** Assignment **
Here the job is to repeat the listing exactly, but not the pictures in it.

=====

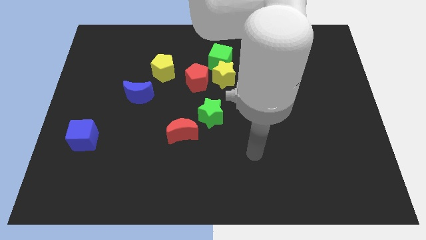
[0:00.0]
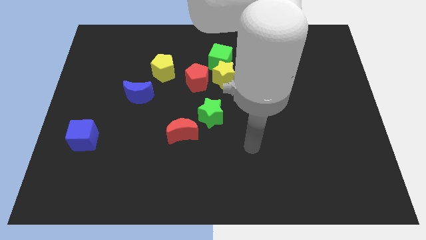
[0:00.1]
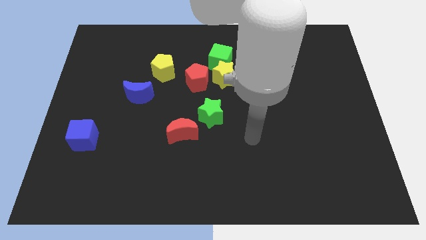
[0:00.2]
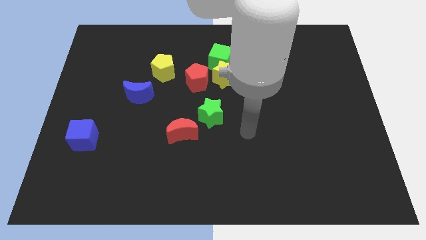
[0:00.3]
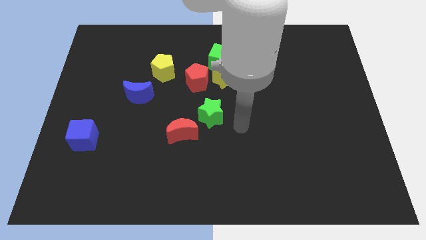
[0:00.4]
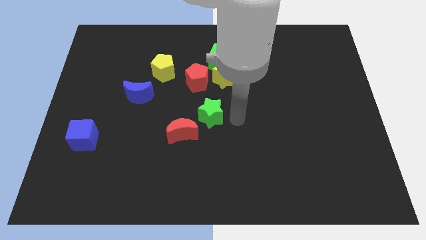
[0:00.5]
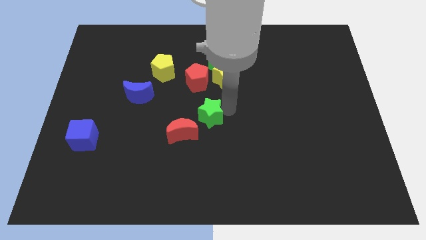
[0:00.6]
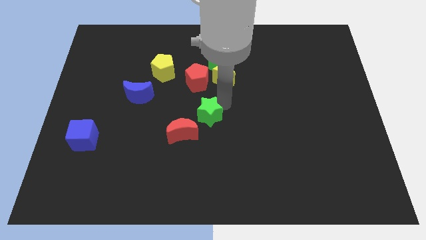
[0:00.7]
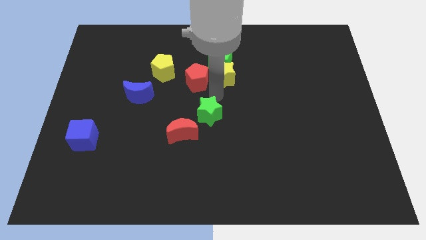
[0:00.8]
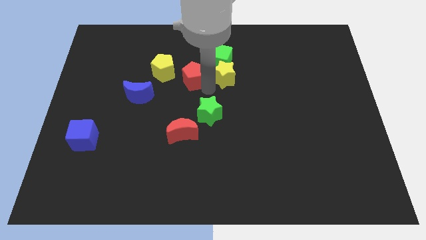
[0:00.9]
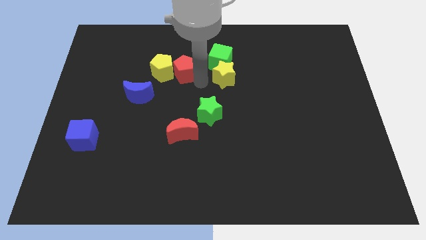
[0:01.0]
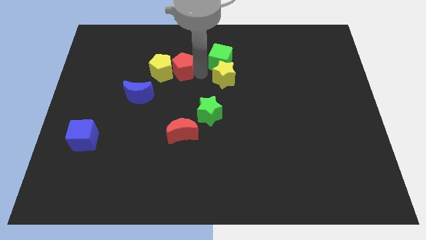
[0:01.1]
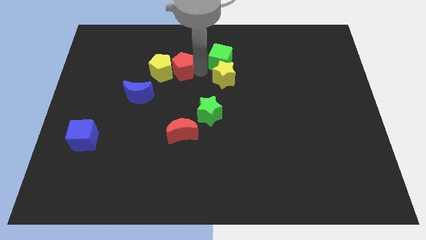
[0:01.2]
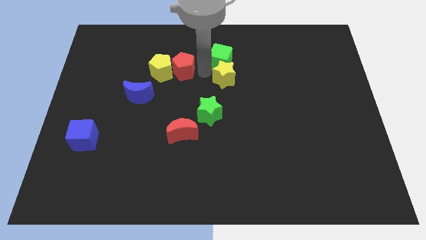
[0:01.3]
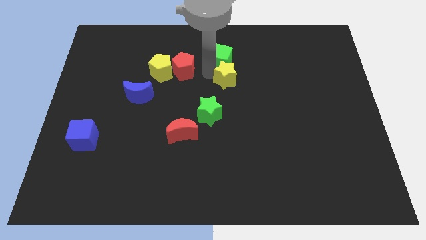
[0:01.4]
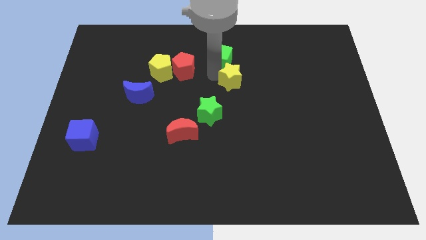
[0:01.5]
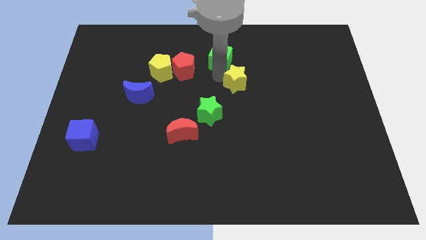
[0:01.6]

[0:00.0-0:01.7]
pull the yellow star apart from the green cube and red pentagon

=====

** Solution below **
[0:00.0]
[0:00.1]
[0:00.2]
[0:00.3]
[0:00.4]
[0:00.5]
[0:00.6]
[0:00.7]
[0:00.8]
[0:00.9]
[0:01.0]
[0:01.1]
[0:01.2]
[0:01.3]
[0:01.4]
[0:01.5]
[0:01.6]

[0:00.0-0:01.7]
pull the yellow star apart from the green cube and red pentagon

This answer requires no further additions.